Let $(M,g)$ be a compact Riemannian manifold $h \in C^{\infty}(M).$ For simplicity, I will assume $M$ is an embedded submanifold of $\mathbb R^N$ with the induced metric. Consider the elliptic operator for the form, $$ L = \Delta + h, $$ where $\Delta$ is the Laplace-Beltrami operator on $M.$ Standard results tell us that there exists an orthonormal basis for $L^2(M)$ of eigenfunctions $(\phi_k)_{k=1}^{\infty} \in C^{\infty}(M)$ for $L$ with associated real eigenvalues $\lambda_k$ tending to infinity as $k \rightarrow \infty.$
Question If $f \in C^{0,\alpha}(M)$ for some $\alpha > 0,$ does the series, $$ \sum_{k=1}^{\infty} f_k \phi_k = \sum_{k=1}^{\infty} \left( \int_M f(x)\phi_k(x)\ dx\right) \phi_k $$ converge uniformly to $f$ on $M$? If $f$ is moreover differentiable, is the convergence absolute in $C^0(M)$?

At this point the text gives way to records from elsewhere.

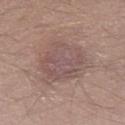The lesion was photographed on a routine skin check and not biopsied; there is no pathology result. Automated tile analysis of the lesion measured a lesion area of about 26 mm² and a shape eccentricity near 0.45. It also reported a mean CIELAB color near L≈52 a*≈17 b*≈20, roughly 7 lightness units darker than nearby skin, and a normalized lesion–skin contrast near 5.5. It also reported a detector confidence of about 100 out of 100 that the crop contains a lesion. Located on the right thigh. A male patient aged approximately 40. The tile uses white-light illumination. A region of skin cropped from a whole-body photographic capture, roughly 15 mm wide. Longest diameter approximately 6.5 mm.
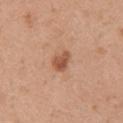The lesion was tiled from a total-body skin photograph and was not biopsied.
An algorithmic analysis of the crop reported a mean CIELAB color near L≈54 a*≈23 b*≈33 and a normalized border contrast of about 8. The analysis additionally found a border-irregularity index near 2.5/10, internal color variation of about 3.5 on a 0–10 scale, and radial color variation of about 1. It also reported lesion-presence confidence of about 100/100.
The lesion is located on the left upper arm.
Imaged with white-light lighting.
A close-up tile cropped from a whole-body skin photograph, about 15 mm across.
A female subject, approximately 40 years of age.
The recorded lesion diameter is about 3 mm.
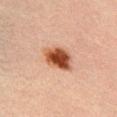About 4 mm across. Located on the chest. Imaged with cross-polarized lighting. The patient is a male aged 28–32. A 15 mm close-up extracted from a 3D total-body photography capture.
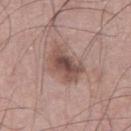Case summary:
• notes — imaged on a skin check; not biopsied
• anatomic site — the leg
• tile lighting — white-light
• imaging modality — total-body-photography crop, ~15 mm field of view
• lesion size — ~5 mm (longest diameter)
• patient — male, about 75 years old
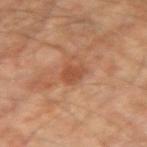Cropped from a total-body skin-imaging series; the visible field is about 15 mm.
On the arm.
This is a cross-polarized tile.
The lesion-visualizer software estimated a lesion area of about 4 mm² and a shape eccentricity near 0.65. It also reported an average lesion color of about L≈49 a*≈25 b*≈34 (CIELAB), about 9 CIELAB-L* units darker than the surrounding skin, and a normalized border contrast of about 7. The analysis additionally found internal color variation of about 1.5 on a 0–10 scale.
A male subject, aged approximately 65.
About 2.5 mm across.
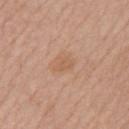Background: This image is a 15 mm lesion crop taken from a total-body photograph. Longest diameter approximately 2.5 mm. An algorithmic analysis of the crop reported a border-irregularity rating of about 2.5/10, a color-variation rating of about 1.5/10, and a peripheral color-asymmetry measure near 0.5. On the arm. The patient is a female in their mid- to late 60s.
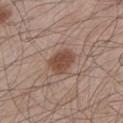workup = catalogued during a skin exam; not biopsied.
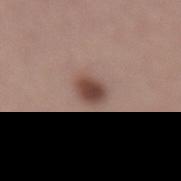notes — total-body-photography surveillance lesion; no biopsy
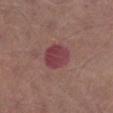Clinical impression: Imaged during a routine full-body skin examination; the lesion was not biopsied and no histopathology is available.
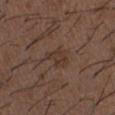Part of a total-body skin-imaging series; this lesion was reviewed on a skin check and was not flagged for biopsy. A male subject, approximately 50 years of age. Approximately 3 mm at its widest. On the chest. A close-up tile cropped from a whole-body skin photograph, about 15 mm across. This is a white-light tile.
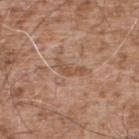No biopsy was performed on this lesion — it was imaged during a full skin examination and was not determined to be concerning. A roughly 15 mm field-of-view crop from a total-body skin photograph. The lesion is located on the back. A male subject aged 53–57.
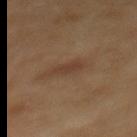| feature | finding |
|---|---|
| workup | catalogued during a skin exam; not biopsied |
| subject | male, aged 68–72 |
| imaging modality | ~15 mm tile from a whole-body skin photo |
| lesion size | ~3 mm (longest diameter) |
| automated lesion analysis | a border-irregularity index near 2.5/10, a within-lesion color-variation index near 1/10, and a peripheral color-asymmetry measure near 0.5 |
| body site | the upper back |
| illumination | cross-polarized |
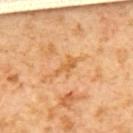Clinical impression:
Part of a total-body skin-imaging series; this lesion was reviewed on a skin check and was not flagged for biopsy.
Clinical summary:
A female patient approximately 55 years of age. The tile uses cross-polarized illumination. A region of skin cropped from a whole-body photographic capture, roughly 15 mm wide. On the upper back. Measured at roughly 3 mm in maximum diameter.
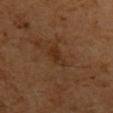The lesion was tiled from a total-body skin photograph and was not biopsied.
A 15 mm close-up tile from a total-body photography series done for melanoma screening.
The lesion is located on the arm.
A male patient, aged approximately 60.
About 3 mm across.
An algorithmic analysis of the crop reported a footprint of about 4.5 mm² and a symmetry-axis asymmetry near 0.35. The software also gave a border-irregularity index near 3.5/10, a within-lesion color-variation index near 3/10, and a peripheral color-asymmetry measure near 1. And it measured a classifier nevus-likeness of about 0/100.
Imaged with cross-polarized lighting.
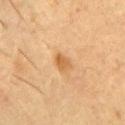{
  "biopsy_status": "not biopsied; imaged during a skin examination",
  "patient": {
    "sex": "male",
    "age_approx": 60
  },
  "lighting": "cross-polarized",
  "image": {
    "source": "total-body photography crop",
    "field_of_view_mm": 15
  },
  "automated_metrics": {
    "color_variation_0_10": 2.0,
    "peripheral_color_asymmetry": 1.0,
    "nevus_likeness_0_100": 50,
    "lesion_detection_confidence_0_100": 100
  },
  "site": "chest",
  "lesion_size": {
    "long_diameter_mm_approx": 2.5
  }
}
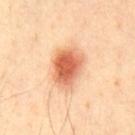Assessment: The lesion was photographed on a routine skin check and not biopsied; there is no pathology result. Context: The lesion is on the chest. A region of skin cropped from a whole-body photographic capture, roughly 15 mm wide. A male subject, roughly 40 years of age.
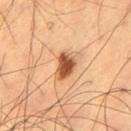• workup — total-body-photography surveillance lesion; no biopsy
• subject — male, approximately 60 years of age
• image — ~15 mm tile from a whole-body skin photo
• anatomic site — the leg
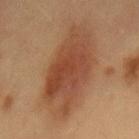{"biopsy_status": "not biopsied; imaged during a skin examination", "image": {"source": "total-body photography crop", "field_of_view_mm": 15}, "site": "back", "patient": {"sex": "female", "age_approx": 60}, "automated_metrics": {"area_mm2_approx": 32.0, "eccentricity": 0.85, "shape_asymmetry": 0.25, "nevus_likeness_0_100": 100, "lesion_detection_confidence_0_100": 100}, "lesion_size": {"long_diameter_mm_approx": 9.5}}
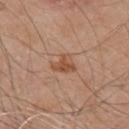Assessment:
This lesion was catalogued during total-body skin photography and was not selected for biopsy.
Background:
A roughly 15 mm field-of-view crop from a total-body skin photograph. The total-body-photography lesion software estimated an area of roughly 5 mm², an outline eccentricity of about 0.55 (0 = round, 1 = elongated), and a symmetry-axis asymmetry near 0.4. The analysis additionally found a mean CIELAB color near L≈51 a*≈22 b*≈33, about 9 CIELAB-L* units darker than the surrounding skin, and a normalized border contrast of about 7. It also reported border irregularity of about 4 on a 0–10 scale and a within-lesion color-variation index near 3.5/10. The analysis additionally found a nevus-likeness score of about 80/100. From the front of the torso. Captured under white-light illumination. A male subject, about 80 years old.
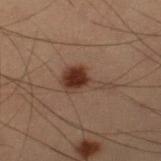Notes:
- biopsy status · no biopsy performed (imaged during a skin exam)
- imaging modality · ~15 mm tile from a whole-body skin photo
- illumination · cross-polarized illumination
- subject · male, aged around 55
- automated lesion analysis · a footprint of about 8.5 mm² and a shape eccentricity near 0.9; internal color variation of about 3.5 on a 0–10 scale and radial color variation of about 1.5; a nevus-likeness score of about 100/100
- location · the right lower leg
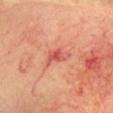Case summary:
- biopsy status: catalogued during a skin exam; not biopsied
- lesion size: ~3.5 mm (longest diameter)
- image: ~15 mm tile from a whole-body skin photo
- subject: female, in their mid-70s
- illumination: cross-polarized illumination
- anatomic site: the head or neck
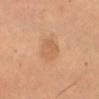Q: Was a biopsy performed?
A: catalogued during a skin exam; not biopsied
Q: Who is the patient?
A: female, aged around 65
Q: Lesion location?
A: the abdomen
Q: What kind of image is this?
A: total-body-photography crop, ~15 mm field of view
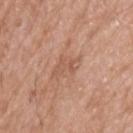Captured during whole-body skin photography for melanoma surveillance; the lesion was not biopsied. From the upper back. This is a white-light tile. Automated tile analysis of the lesion measured a lesion area of about 5.5 mm², a shape eccentricity near 0.75, and two-axis asymmetry of about 0.4. And it measured border irregularity of about 4.5 on a 0–10 scale and a within-lesion color-variation index near 2/10. About 3.5 mm across. This image is a 15 mm lesion crop taken from a total-body photograph. A male patient roughly 65 years of age.
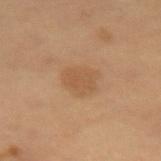Clinical impression: No biopsy was performed on this lesion — it was imaged during a full skin examination and was not determined to be concerning. Image and clinical context: The tile uses cross-polarized illumination. A male subject roughly 60 years of age. The recorded lesion diameter is about 3.5 mm. An algorithmic analysis of the crop reported a lesion–skin lightness drop of about 6 and a normalized border contrast of about 5. And it measured a border-irregularity index near 2/10, internal color variation of about 2 on a 0–10 scale, and a peripheral color-asymmetry measure near 0.5. The analysis additionally found a lesion-detection confidence of about 100/100. Located on the left thigh. Cropped from a whole-body photographic skin survey; the tile spans about 15 mm.
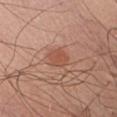| key | value |
|---|---|
| biopsy status | no biopsy performed (imaged during a skin exam) |
| subject | male, aged 38–42 |
| location | the front of the torso |
| size | ~2.5 mm (longest diameter) |
| lighting | white-light illumination |
| image-analysis metrics | a lesion area of about 5 mm², an outline eccentricity of about 0.45 (0 = round, 1 = elongated), and a shape-asymmetry score of about 0.25 (0 = symmetric); a border-irregularity index near 2/10 |
| image source | ~15 mm tile from a whole-body skin photo |
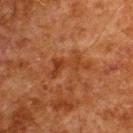Impression: This lesion was catalogued during total-body skin photography and was not selected for biopsy. Clinical summary: Imaged with cross-polarized lighting. A male subject, aged approximately 60. On the back. A close-up tile cropped from a whole-body skin photograph, about 15 mm across.
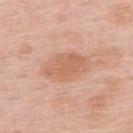Q: Is there a histopathology result?
A: total-body-photography surveillance lesion; no biopsy
Q: What lighting was used for the tile?
A: white-light illumination
Q: Automated lesion metrics?
A: a footprint of about 13 mm², a shape eccentricity near 0.8, and two-axis asymmetry of about 0.15; border irregularity of about 2 on a 0–10 scale, a within-lesion color-variation index near 2.5/10, and a peripheral color-asymmetry measure near 1; an automated nevus-likeness rating near 0 out of 100 and a detector confidence of about 100 out of 100 that the crop contains a lesion
Q: What kind of image is this?
A: ~15 mm crop, total-body skin-cancer survey
Q: Lesion location?
A: the upper back
Q: What is the lesion's diameter?
A: ~5.5 mm (longest diameter)
Q: What are the patient's age and sex?
A: female, in their 50s
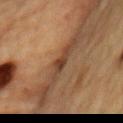Recorded during total-body skin imaging; not selected for excision or biopsy.
An algorithmic analysis of the crop reported a lesion-to-skin contrast of about 8 (normalized; higher = more distinct). It also reported a nevus-likeness score of about 20/100 and lesion-presence confidence of about 90/100.
About 3 mm across.
Imaged with cross-polarized lighting.
The patient is a male approximately 85 years of age or older.
From the chest.
Cropped from a total-body skin-imaging series; the visible field is about 15 mm.
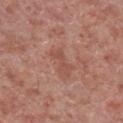<record>
  <biopsy_status>not biopsied; imaged during a skin examination</biopsy_status>
  <image>
    <source>total-body photography crop</source>
    <field_of_view_mm>15</field_of_view_mm>
  </image>
  <site>right lower leg</site>
  <lesion_size>
    <long_diameter_mm_approx>3.5</long_diameter_mm_approx>
  </lesion_size>
  <lighting>white-light</lighting>
  <patient>
    <sex>male</sex>
    <age_approx>55</age_approx>
  </patient>
</record>
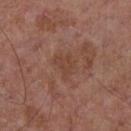Case summary:
* workup: total-body-photography surveillance lesion; no biopsy
* acquisition: ~15 mm crop, total-body skin-cancer survey
* lesion size: ≈3 mm
* site: the chest
* subject: male, aged around 55
* automated lesion analysis: a lesion color around L≈43 a*≈20 b*≈28 in CIELAB and about 6 CIELAB-L* units darker than the surrounding skin; a detector confidence of about 100 out of 100 that the crop contains a lesion
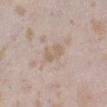Impression:
No biopsy was performed on this lesion — it was imaged during a full skin examination and was not determined to be concerning.
Clinical summary:
A 15 mm close-up tile from a total-body photography series done for melanoma screening. The total-body-photography lesion software estimated an area of roughly 4.5 mm² and a symmetry-axis asymmetry near 0.25. And it measured a mean CIELAB color near L≈62 a*≈14 b*≈26 and about 6 CIELAB-L* units darker than the surrounding skin. The analysis additionally found border irregularity of about 2.5 on a 0–10 scale and radial color variation of about 0.5. On the leg. The tile uses white-light illumination. A female patient, roughly 25 years of age. The lesion's longest dimension is about 3 mm.
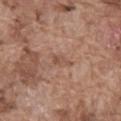Q: Was a biopsy performed?
A: imaged on a skin check; not biopsied
Q: Patient demographics?
A: male, aged 73 to 77
Q: Automated lesion metrics?
A: a footprint of about 3 mm², an eccentricity of roughly 0.9, and a shape-asymmetry score of about 0.35 (0 = symmetric); an average lesion color of about L≈51 a*≈21 b*≈28 (CIELAB), roughly 7 lightness units darker than nearby skin, and a lesion-to-skin contrast of about 5.5 (normalized; higher = more distinct)
Q: What lighting was used for the tile?
A: white-light
Q: What is the imaging modality?
A: ~15 mm tile from a whole-body skin photo
Q: Where on the body is the lesion?
A: the abdomen
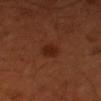follow-up = imaged on a skin check; not biopsied
site = the right upper arm
acquisition = ~15 mm crop, total-body skin-cancer survey
patient = male, about 50 years old
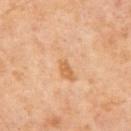Case summary:
* notes · total-body-photography surveillance lesion; no biopsy
* image · total-body-photography crop, ~15 mm field of view
* patient · male, in their mid-60s
* size · about 5.5 mm
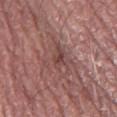This lesion was catalogued during total-body skin photography and was not selected for biopsy. The recorded lesion diameter is about 5 mm. Automated image analysis of the tile measured a within-lesion color-variation index near 6/10 and a peripheral color-asymmetry measure near 2. On the leg. Imaged with white-light lighting. A region of skin cropped from a whole-body photographic capture, roughly 15 mm wide. A male subject, roughly 60 years of age.
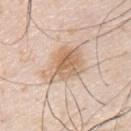Part of a total-body skin-imaging series; this lesion was reviewed on a skin check and was not flagged for biopsy.
A roughly 15 mm field-of-view crop from a total-body skin photograph.
Approximately 6 mm at its widest.
On the upper back.
A male patient aged approximately 40.
This is a white-light tile.
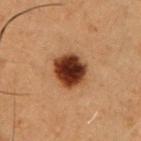Imaged during a routine full-body skin examination; the lesion was not biopsied and no histopathology is available. The subject is a male about 50 years old. Cropped from a total-body skin-imaging series; the visible field is about 15 mm. Measured at roughly 4.5 mm in maximum diameter. Captured under cross-polarized illumination. From the chest.
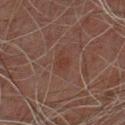<case>
<lighting>cross-polarized</lighting>
<site>chest</site>
<lesion_size>
  <long_diameter_mm_approx>2.5</long_diameter_mm_approx>
</lesion_size>
<patient>
  <sex>male</sex>
  <age_approx>45</age_approx>
</patient>
<image>
  <source>total-body photography crop</source>
  <field_of_view_mm>15</field_of_view_mm>
</image>
</case>
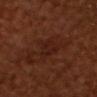Context:
The lesion is located on the head or neck. A male patient, aged 63 to 67. The lesion-visualizer software estimated an area of roughly 4.5 mm², an eccentricity of roughly 0.7, and a shape-asymmetry score of about 0.25 (0 = symmetric). It also reported an average lesion color of about L≈20 a*≈21 b*≈23 (CIELAB) and a lesion–skin lightness drop of about 4. Cropped from a whole-body photographic skin survey; the tile spans about 15 mm.
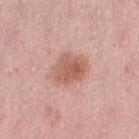Case summary:
* follow-up: imaged on a skin check; not biopsied
* imaging modality: ~15 mm tile from a whole-body skin photo
* lighting: white-light illumination
* location: the leg
* patient: female, aged approximately 40
* diameter: ~4 mm (longest diameter)
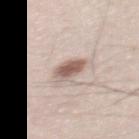follow-up=imaged on a skin check; not biopsied | site=the mid back | size=~3 mm (longest diameter) | subject=male, roughly 35 years of age | image-analysis metrics=a mean CIELAB color near L≈59 a*≈16 b*≈23; a peripheral color-asymmetry measure near 1; an automated nevus-likeness rating near 90 out of 100 and a detector confidence of about 100 out of 100 that the crop contains a lesion | lighting=white-light | image source=~15 mm crop, total-body skin-cancer survey.
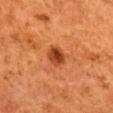Captured during whole-body skin photography for melanoma surveillance; the lesion was not biopsied. On the mid back. A female patient aged 48–52. A region of skin cropped from a whole-body photographic capture, roughly 15 mm wide.
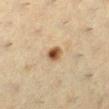• biopsy status: no biopsy performed (imaged during a skin exam)
• body site: the left lower leg
• imaging modality: ~15 mm tile from a whole-body skin photo
• subject: female, about 40 years old
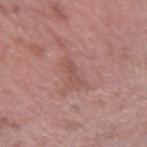biopsy status = catalogued during a skin exam; not biopsied | image source = ~15 mm tile from a whole-body skin photo | patient = male, approximately 40 years of age | automated metrics = roughly 7 lightness units darker than nearby skin and a normalized lesion–skin contrast near 5; a border-irregularity rating of about 6/10 and a within-lesion color-variation index near 0/10; a nevus-likeness score of about 0/100 and a detector confidence of about 70 out of 100 that the crop contains a lesion | anatomic site = the right upper arm | size = ≈3.5 mm | lighting = white-light illumination.
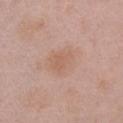Clinical impression: Part of a total-body skin-imaging series; this lesion was reviewed on a skin check and was not flagged for biopsy. Acquisition and patient details: From the arm. A 15 mm close-up tile from a total-body photography series done for melanoma screening. A male patient, aged around 50.
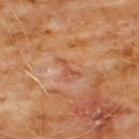<case>
<biopsy_status>not biopsied; imaged during a skin examination</biopsy_status>
<image>
  <source>total-body photography crop</source>
  <field_of_view_mm>15</field_of_view_mm>
</image>
<lesion_size>
  <long_diameter_mm_approx>2.5</long_diameter_mm_approx>
</lesion_size>
<patient>
  <sex>male</sex>
  <age_approx>60</age_approx>
</patient>
<site>chest</site>
</case>
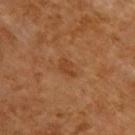Case summary:
– biopsy status: total-body-photography surveillance lesion; no biopsy
– anatomic site: the back
– tile lighting: cross-polarized
– acquisition: ~15 mm tile from a whole-body skin photo
– lesion diameter: ≈2.5 mm
– subject: male, about 60 years old
– automated lesion analysis: an area of roughly 3 mm², an outline eccentricity of about 0.8 (0 = round, 1 = elongated), and two-axis asymmetry of about 0.35; a border-irregularity rating of about 3.5/10, internal color variation of about 1 on a 0–10 scale, and radial color variation of about 0.5; a nevus-likeness score of about 0/100 and a lesion-detection confidence of about 100/100

In the case $M$ is the unit circle and $h=0,$ this is a classical result about Fourier series. I'm wondering if this can be generalized.
Even if my general formulation doesn't hold, I would be interested in partial results (e.g. whether this holds when $h=0,$ higher regularity assumptions on $f$, further conditions on $M,$ etc).
Since this question has been unanswered for a long time, I will update it with a partial answer. One can show that if $f$ lies in an appropriate Besov space, then we obtain absolute uniform convergence. This is detailed in the following paper,
Peetre, J. Absolute convergence of eigenfunction expansions. Math. Ann. (1967) 169: 307. https://doi.org/10.1007/BF01362354
I unfortunately no longer have access to the paper to provide the precise details. The rough idea is that we can prove the eigenvalues grow sufficiently quickly, which provides an $L^{\infty}$ estimate in terms of some Sobolev norm. It turns out that this estimate is very weak however, so an interpolation argument gives an estimate in terms of a Besov norm.